10. OUR EXTERNALITIES MAY EAT US ALL

And lastly, here’s something to reflect on that came up several times at TICTEC: The unintended consequences of our work could end up more impactful than the work itself. Sit with that for a minute.

One of the core conceits of building technology is that other people will use it as we intended. Tom Steinberg talks about 19th century medicine, where most of a century of progress was lost to the idea that we were helping others when the interventions were often just causing further harm. A more recent example: Facebook’s grand mission to “make the world more open and connected” sounded innocuous enough for a corporation. Fast forward to 2 billion users, and you get unfortunate, unintended consequences like when your find-friends tool, designed to increase user engagement and retention, is found to be leveraging network science to introduce would-be terrorists to one another.

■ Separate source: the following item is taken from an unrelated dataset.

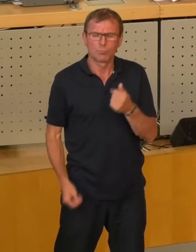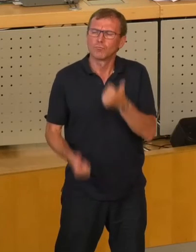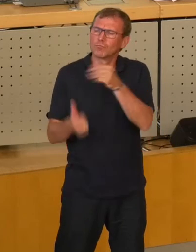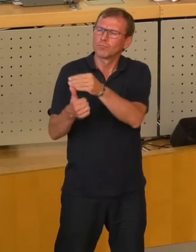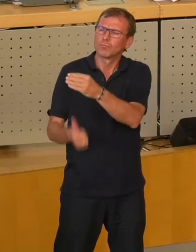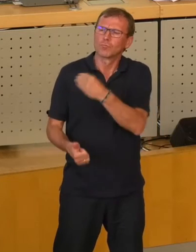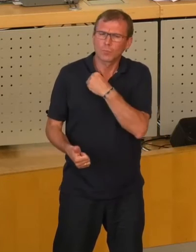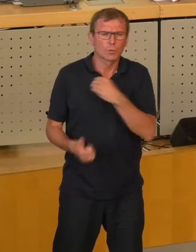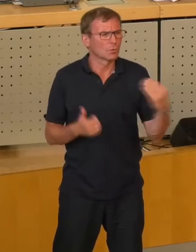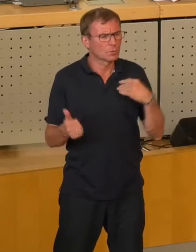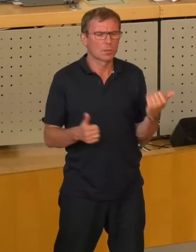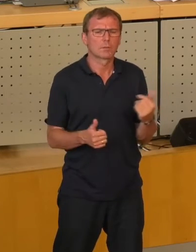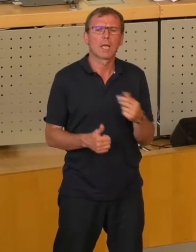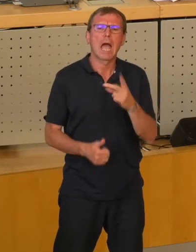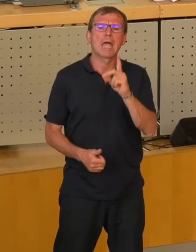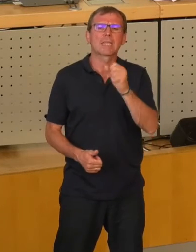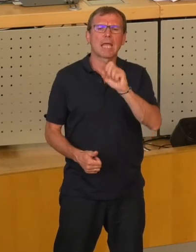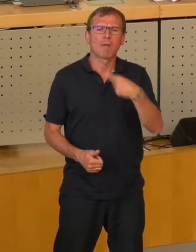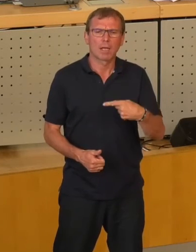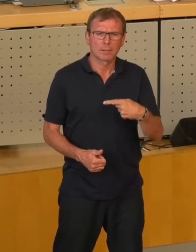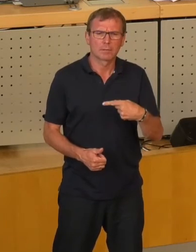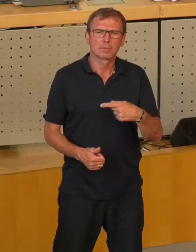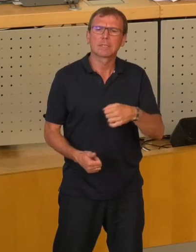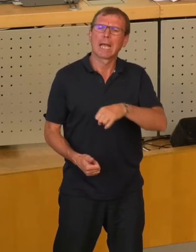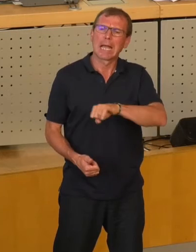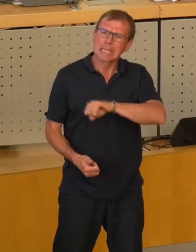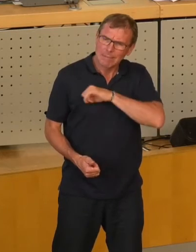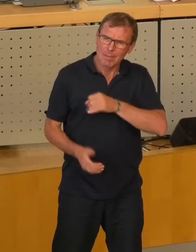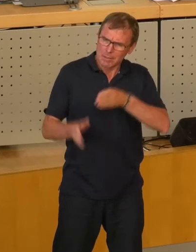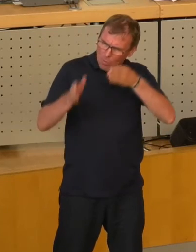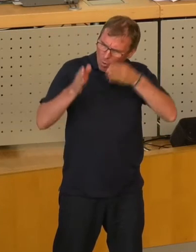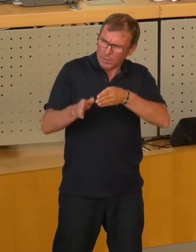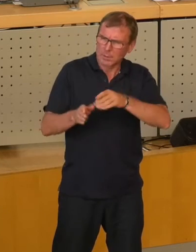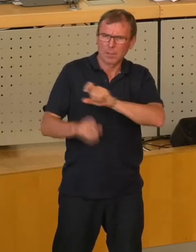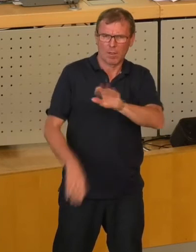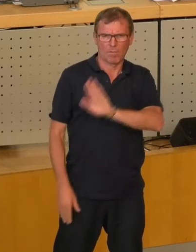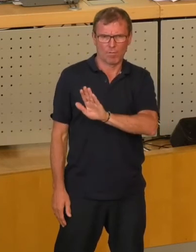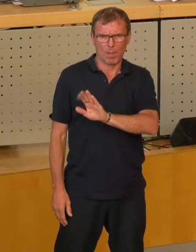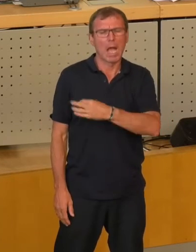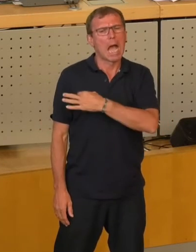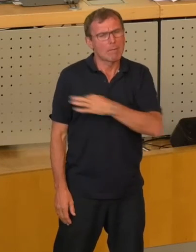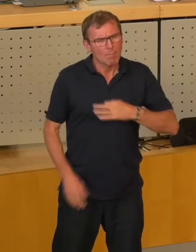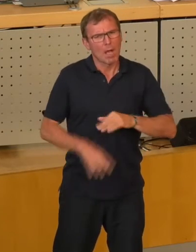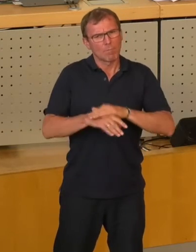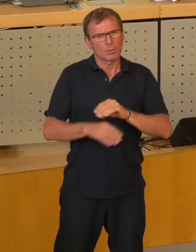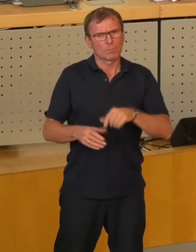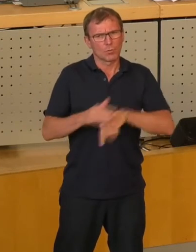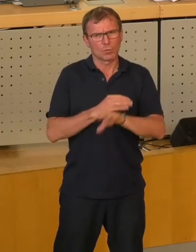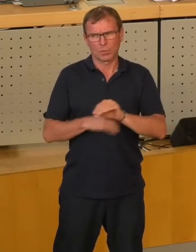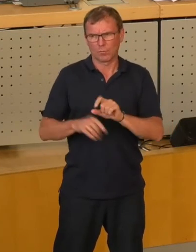und das ist natürlich richtig, die DREWAG ist ein gewinnorientiertes Unternehmen. Es ist ein privatwirtschaftlich geführtes Unternehmen.
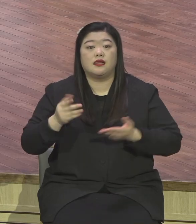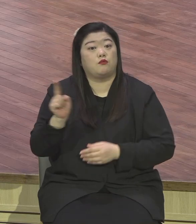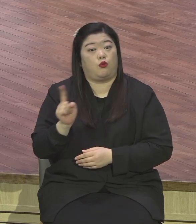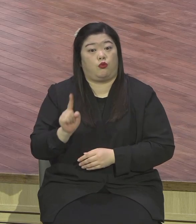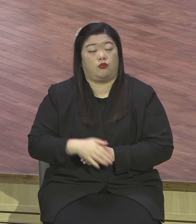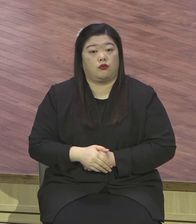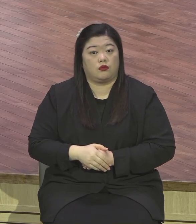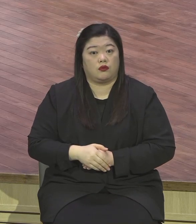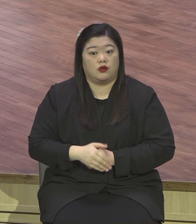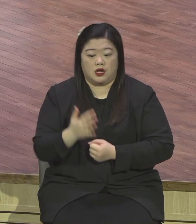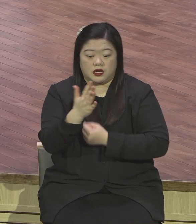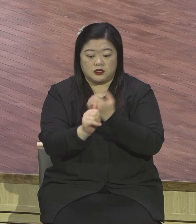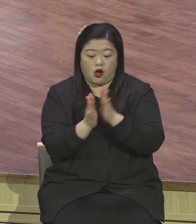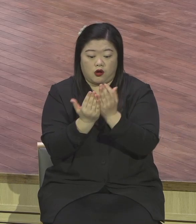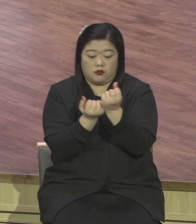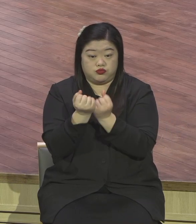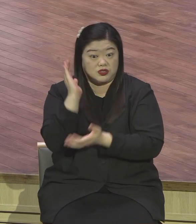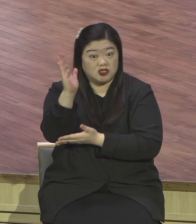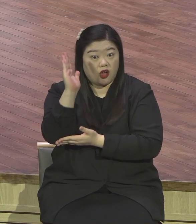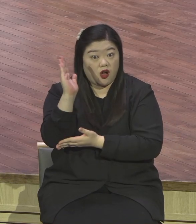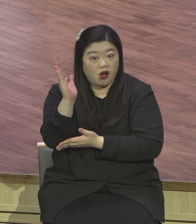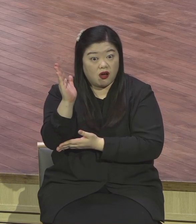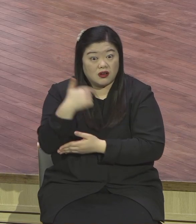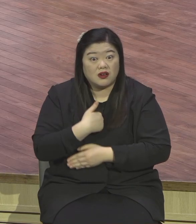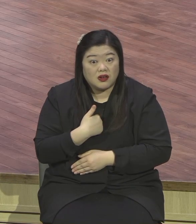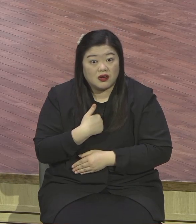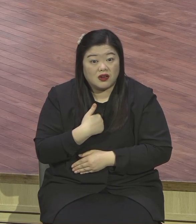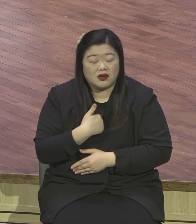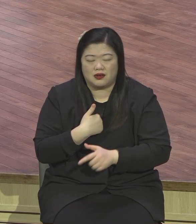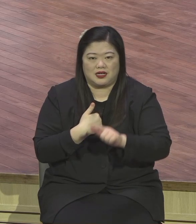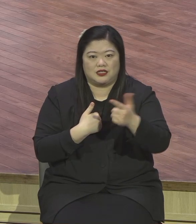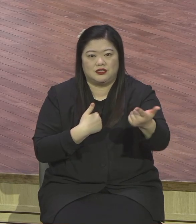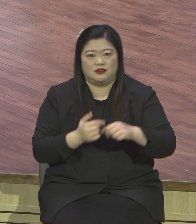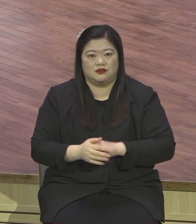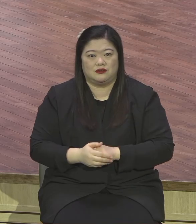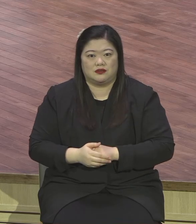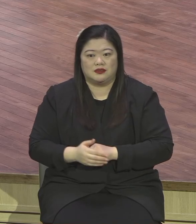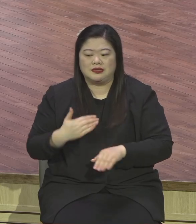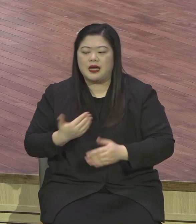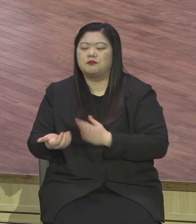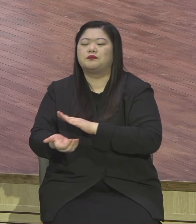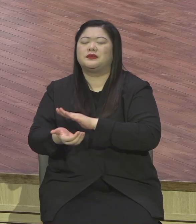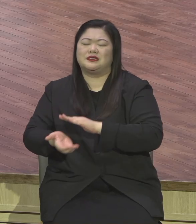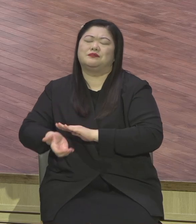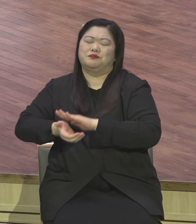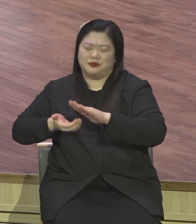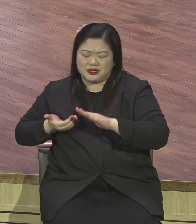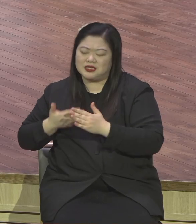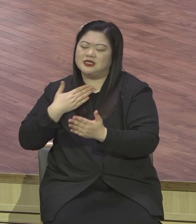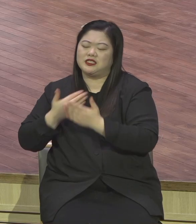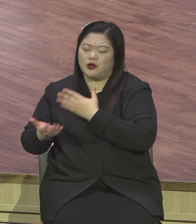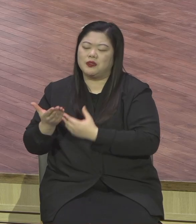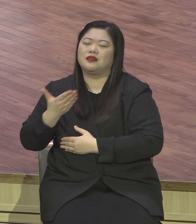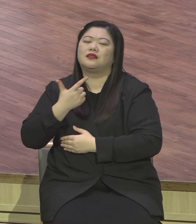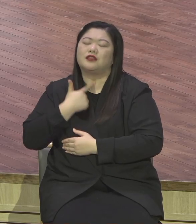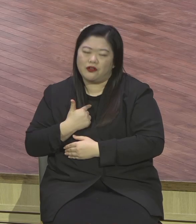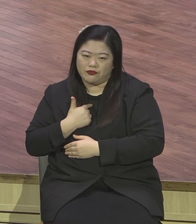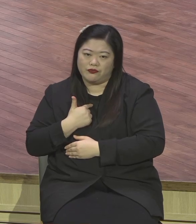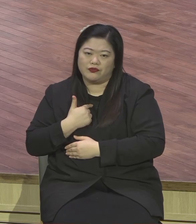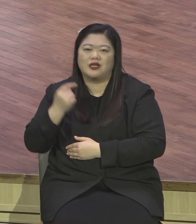2021년 예언계 전 성도는 인생의 대진표를 기도를 통하여 은약 잡고 확실히 바꾸시기 바랍니다.

Do we know, or even consider, the long-term ramifications of our work? Does transparency of government bureaucracy produce more cynicism than engagement? Does publishing property data online in a distressed city like Detroit empower land speculators rather than residents? Does connecting the whole world to one another produce an exploitable fear of the other, rather than a vaguely defined ‘community’? What are the byproducts of our work on a historic timeline? The point, is we don’t really know, and we need to at least consider them.

Reaching a better understanding of impact, how to adequately measure it, and knowing which products and services are really shining, are all reasons that we’re expanding upon the Civic Tech Field Guide. We started this collection with just an inventory, and now we’re building out more ways to collect data on each civic tech project, including impact reporting, so that we can begin to learn more about our field in aggregate.

We’d love to invite you to contribute your research and your impact evaluations to the guide, either directly in the Impact Measurement section (Column BK), by getting in touch, or sharing examples with this form.

All this said, there’s an entire practice of measurement and assessment in adjacent fields like the humanitarian sector. Which existing practices should we be adapting?